On appelle queue d’hironde une manière de tailler l’extrémité d’une pierre, d’une pièce de bois ou de fer, pour l’assembler avec une autre, en faisant l’assemblage plus large à l’extrémité qu’au collet.

On appelle queue en cul-de-lampe, des clefs de voûte, prolongées en contre-bas, et qu’on tailloit de différentes formes, comme on en voit aux voûtes des églises gothiques.

Ce mot se dit aussi des pièces de bois qui, dans les assemblages de cintres en charpente, se prolongent en contre-bas.

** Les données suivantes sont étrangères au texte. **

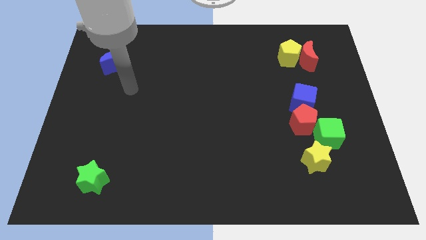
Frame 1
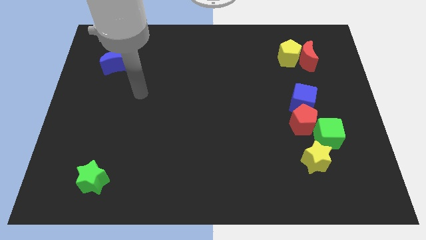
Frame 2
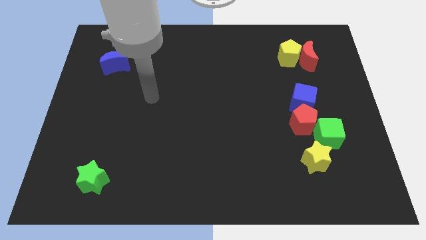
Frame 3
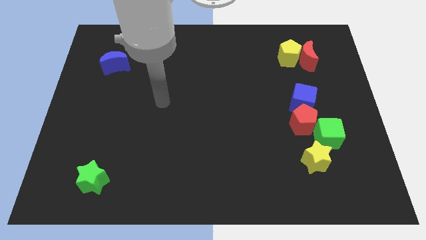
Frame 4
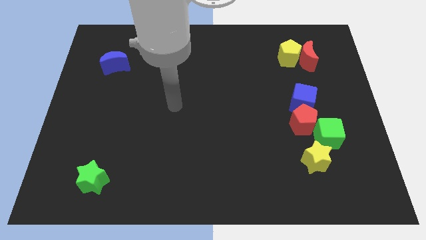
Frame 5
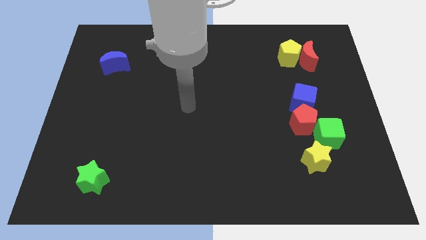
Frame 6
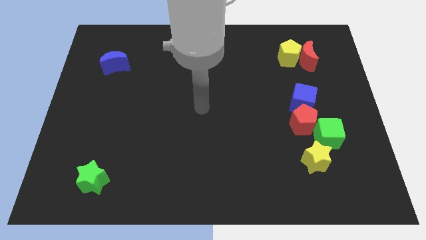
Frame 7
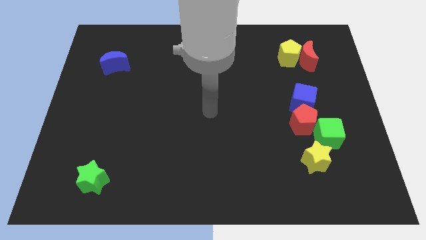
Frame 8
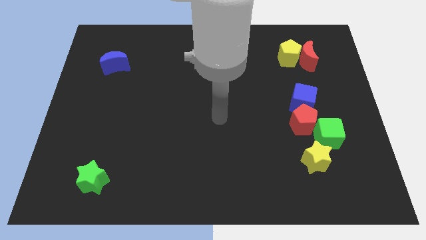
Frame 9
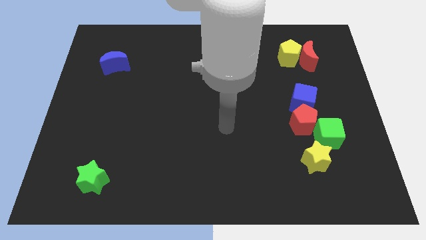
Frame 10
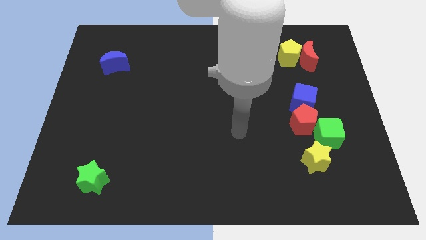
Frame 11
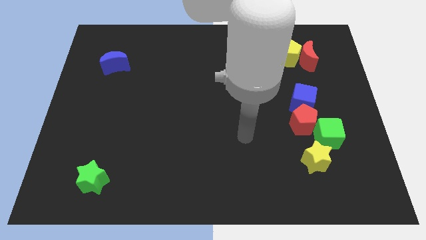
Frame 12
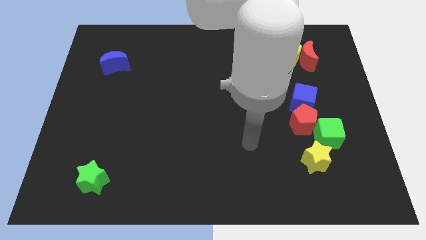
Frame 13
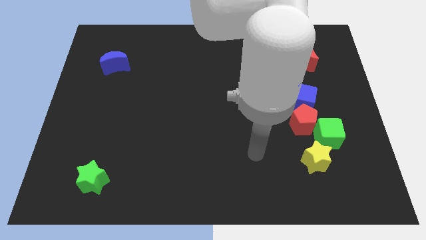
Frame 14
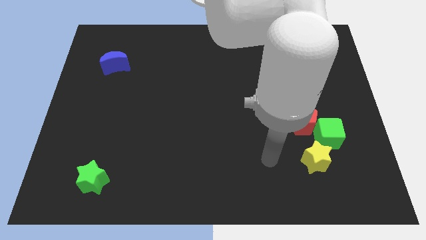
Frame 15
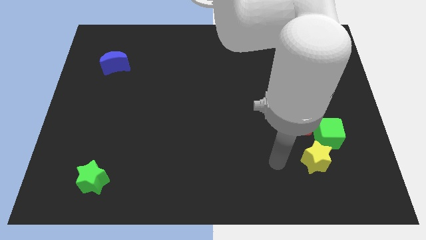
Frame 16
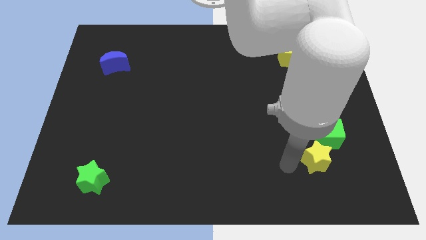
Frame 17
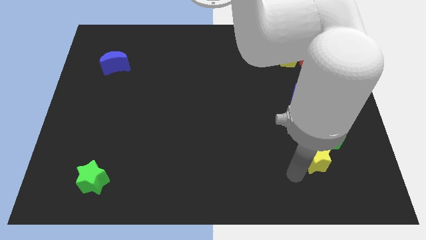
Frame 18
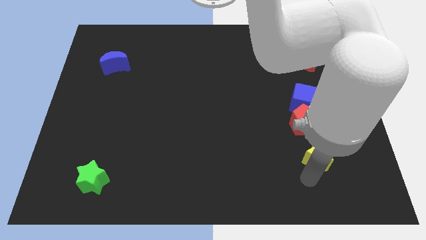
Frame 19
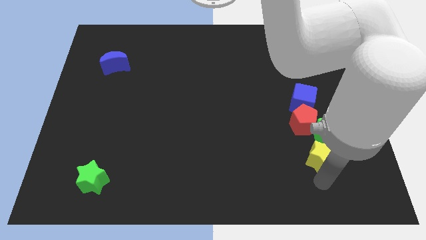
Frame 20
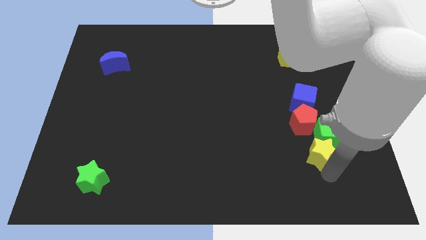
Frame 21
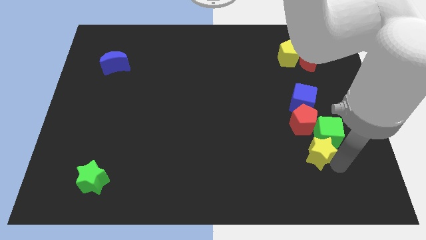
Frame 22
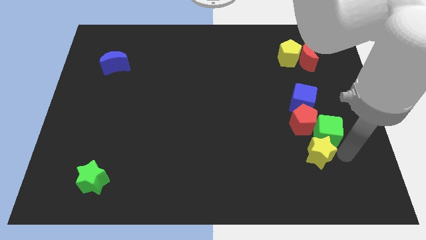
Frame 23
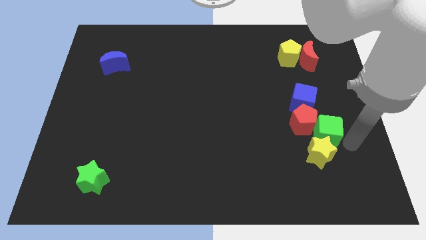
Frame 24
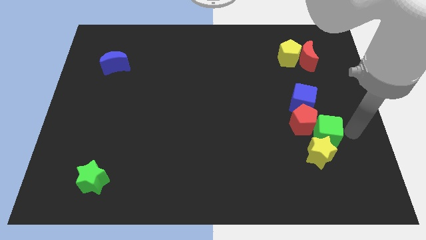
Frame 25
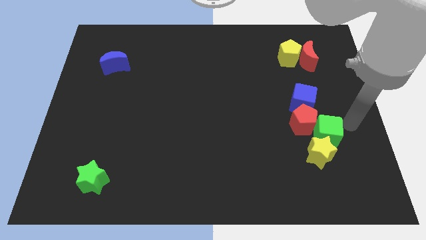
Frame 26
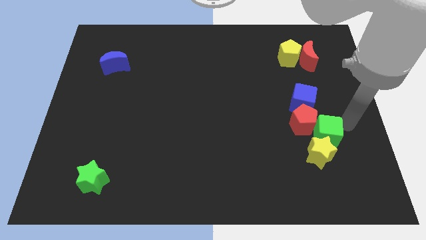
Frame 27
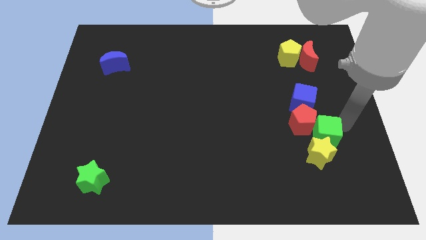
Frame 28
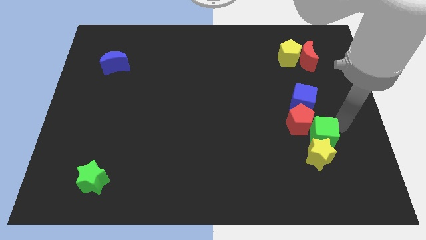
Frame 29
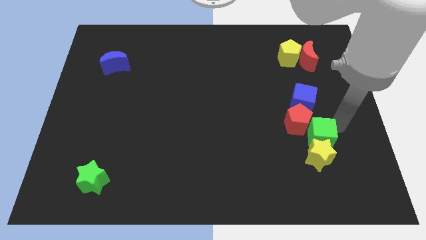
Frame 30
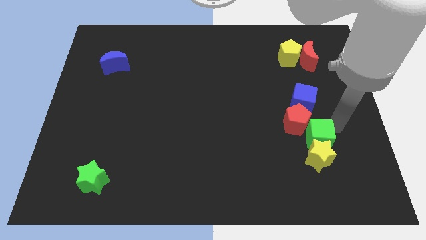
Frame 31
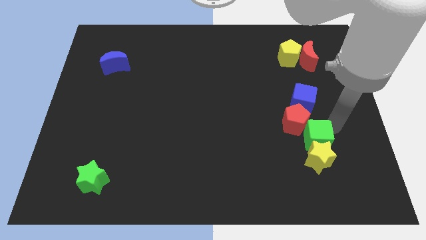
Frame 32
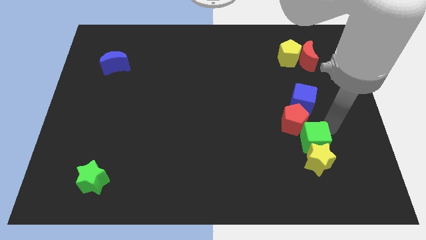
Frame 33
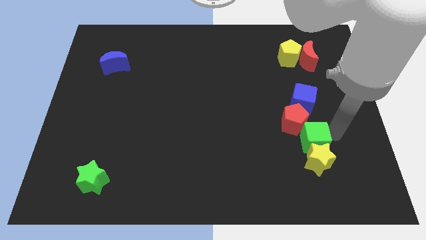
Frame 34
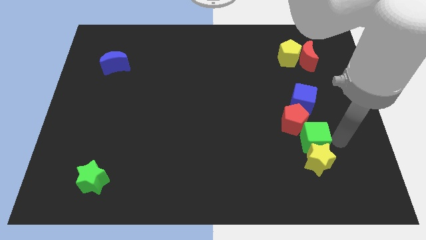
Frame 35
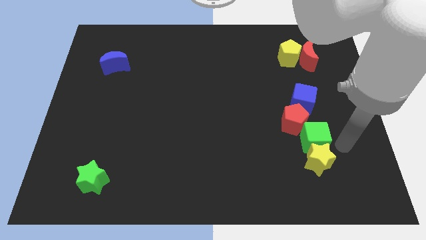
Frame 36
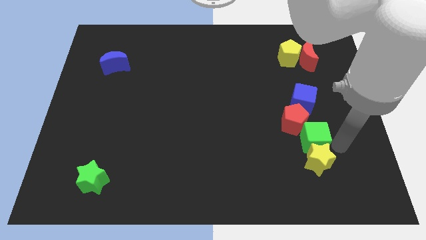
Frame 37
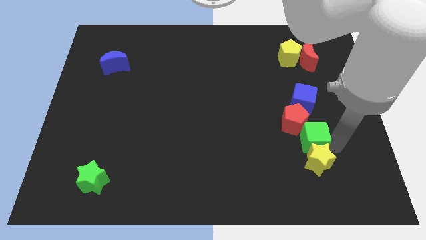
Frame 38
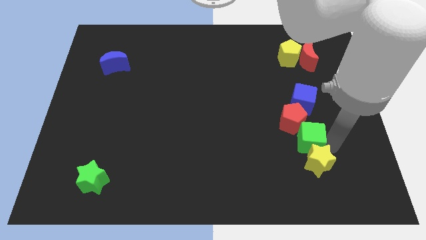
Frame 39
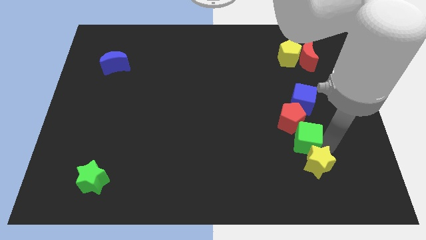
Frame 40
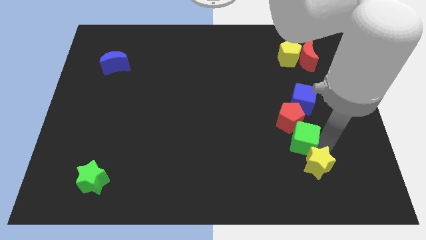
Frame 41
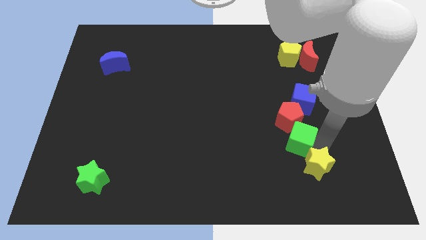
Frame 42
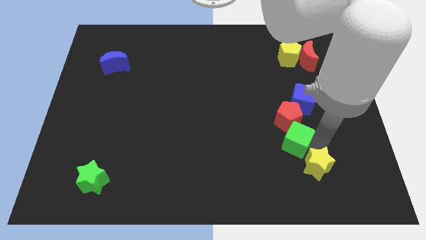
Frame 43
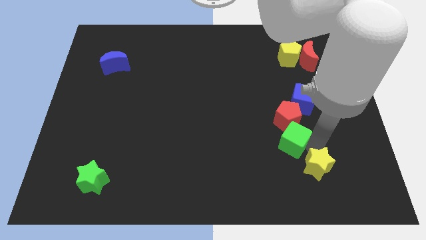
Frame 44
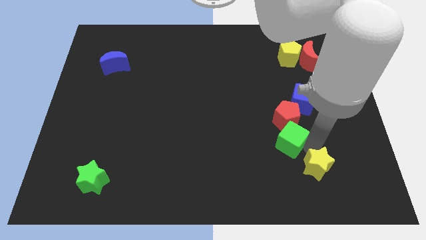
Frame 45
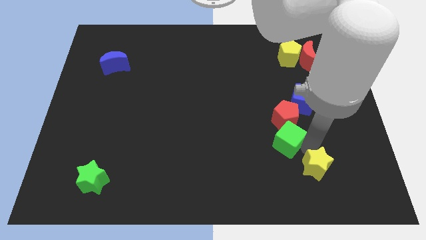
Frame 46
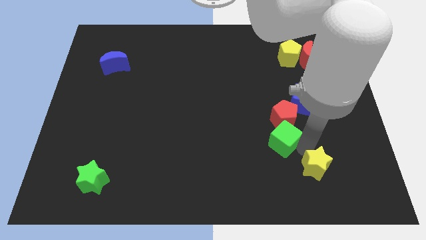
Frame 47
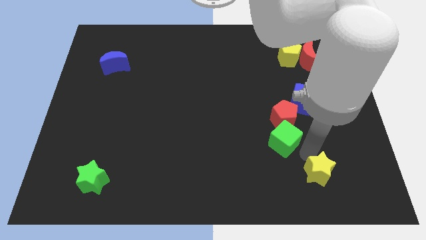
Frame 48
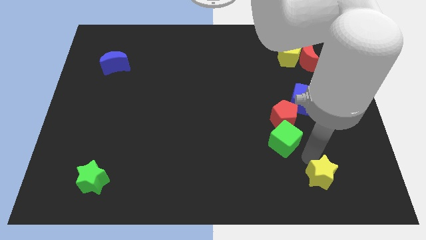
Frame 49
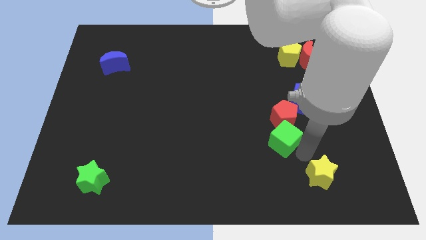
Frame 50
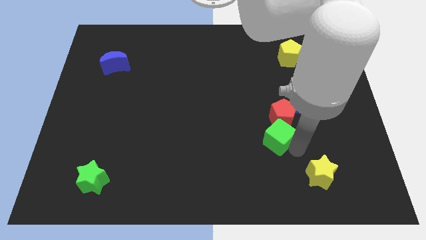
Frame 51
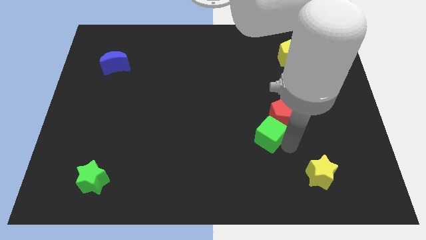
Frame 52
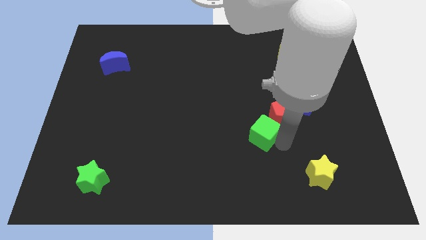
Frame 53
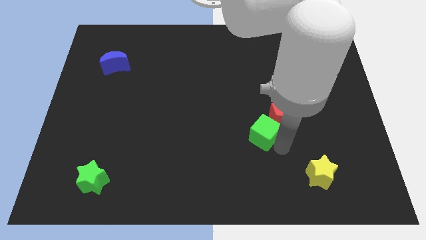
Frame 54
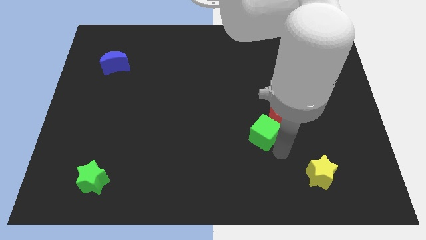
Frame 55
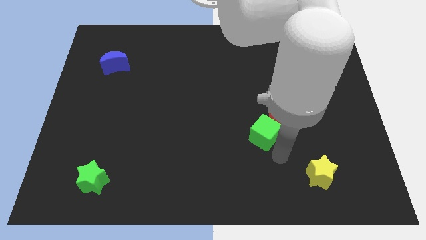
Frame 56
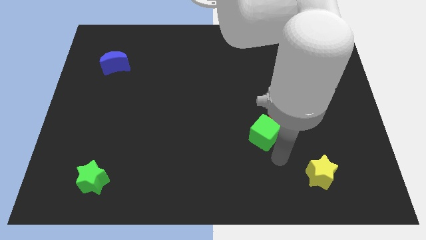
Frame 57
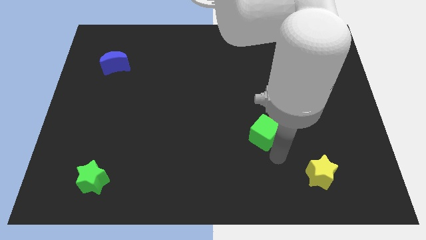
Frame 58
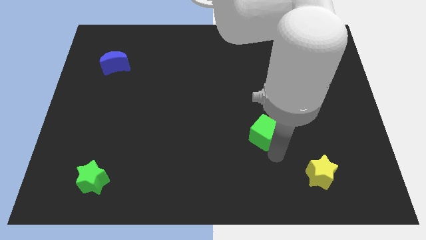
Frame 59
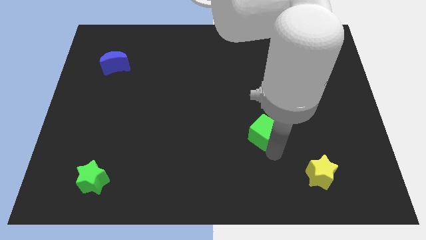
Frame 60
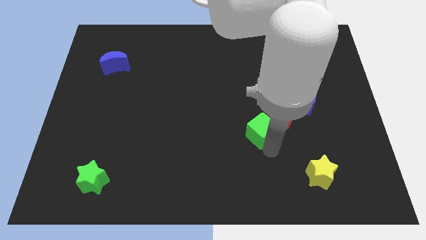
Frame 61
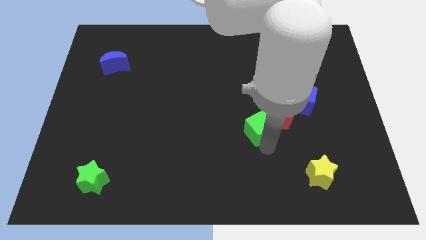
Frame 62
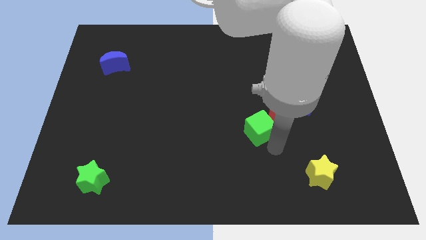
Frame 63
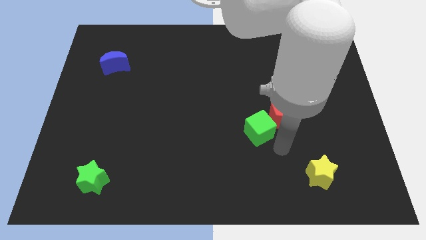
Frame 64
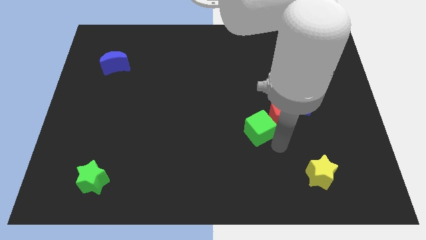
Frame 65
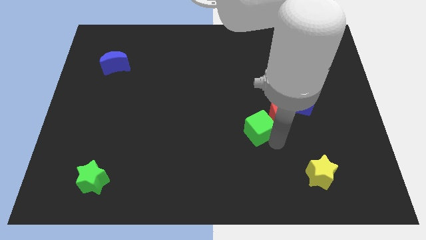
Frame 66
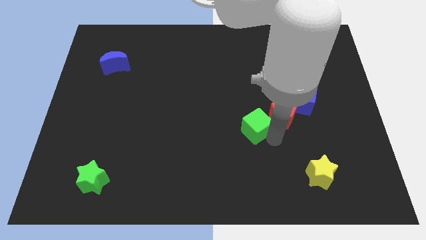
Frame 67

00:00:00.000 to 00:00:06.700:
move the green cube to the center

Cela se pratique aux cintres retroussés, dont on se sert pour la construction des grandes arches des ponts de pierre.

Cet usage des queues en cul-de-lampe, dans le gothique, usage que jamais les erremens de la construction en pierre n’auroient pu faire imaginer, nous a paru être un argument fort plausible en faveur de l’opinion que nous avons avancée ailleurs (voyez Gothique), savoir, que tout le système de formes, de construction, et d’accessoires, dans cette architecture, dérive des formes, des assemblages et des détails de la mé-


thode de construire en bois les églises, auxquelles ont succèdé celles qu’on voit aujourd’hui.

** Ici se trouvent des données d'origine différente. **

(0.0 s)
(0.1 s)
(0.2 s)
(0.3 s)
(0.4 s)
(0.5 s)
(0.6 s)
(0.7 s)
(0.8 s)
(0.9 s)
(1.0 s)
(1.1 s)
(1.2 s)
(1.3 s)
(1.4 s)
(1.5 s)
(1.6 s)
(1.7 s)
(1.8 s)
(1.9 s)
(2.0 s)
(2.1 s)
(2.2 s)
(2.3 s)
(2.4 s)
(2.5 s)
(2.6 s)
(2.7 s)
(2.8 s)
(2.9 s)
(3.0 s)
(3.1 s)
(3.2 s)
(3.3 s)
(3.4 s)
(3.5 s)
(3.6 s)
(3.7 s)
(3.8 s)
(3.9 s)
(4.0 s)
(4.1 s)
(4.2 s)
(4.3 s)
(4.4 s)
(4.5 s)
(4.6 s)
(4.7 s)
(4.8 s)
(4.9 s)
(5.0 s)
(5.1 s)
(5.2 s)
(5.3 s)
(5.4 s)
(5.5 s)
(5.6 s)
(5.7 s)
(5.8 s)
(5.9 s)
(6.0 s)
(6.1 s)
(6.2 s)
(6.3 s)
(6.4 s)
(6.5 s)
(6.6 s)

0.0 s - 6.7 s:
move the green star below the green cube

On appelle queue de paon les compartimens, de quelque grandeur et de quelque forme qu’ils soient, qui, dans les figures circulaires, vont en s’élargissant depuis le centre jusqu’à la circonférence, et imitent en quelque manière le développement des plumes de la queue d’un paon.

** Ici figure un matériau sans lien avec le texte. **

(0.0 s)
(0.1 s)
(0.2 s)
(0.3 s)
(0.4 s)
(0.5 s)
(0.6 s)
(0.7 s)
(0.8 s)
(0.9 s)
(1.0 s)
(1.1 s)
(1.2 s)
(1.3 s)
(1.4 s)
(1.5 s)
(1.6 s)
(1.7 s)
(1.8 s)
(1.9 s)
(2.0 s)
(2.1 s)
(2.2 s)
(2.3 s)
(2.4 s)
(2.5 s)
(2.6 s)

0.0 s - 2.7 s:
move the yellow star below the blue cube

On appelle queue perdue un assemblage de menuiserie à queue d’hironde, en équerre et à mi-bois, dont les joints sont recouverts.

On appelle queue percée un assemblage de menuiserie, à queue d’hironde et en équerre, dont les joints sont apparens.

QUINCONCE, s. m. (Terme de jardinage.) C’est un plant d’arbres qui a été disposé, dans son origine, en quatre arbres formant un quarré régulier, avec un cinquième dans le milieu. Cette disposition, toujours répétée, compose une sorte de bois planté avec symétrie, lequel présente, de quelque côté qu’on se place, des allées toujours égales et parallèles. C’est de cette sorte de quinconce que parlent Cicéron dans son Cato major, et Quintilien, liv. VIII, chap. 5.

Aujourd’hui on forme un quinconce par un plant d’arbres en plusieurs rangs parallèles, tant en long qu’en large. Le premier du second rang commence au centre du quarré, qui se forme par les deux premiers arbres du premier rang et les deux premiers du troisième. Ceci n’est qu’une autre manière de procéder ou de faire entendre de quelle façon on forme l’échiquier. C’est dans cette ordonnance que doivent êire plantés les jardins qui servent de promenade publique.

La beauté d’un quinconce consiste en ce que les allées s’alignent de toute part, s’enfilent l’une dans l’autre, et toujours dans les mêmes rapports. On ne met dans ce bois ni palissades ni broussailles, mais on y sème quelquefois, sous les arbres, des pièces de gazon, dans des places découvertes.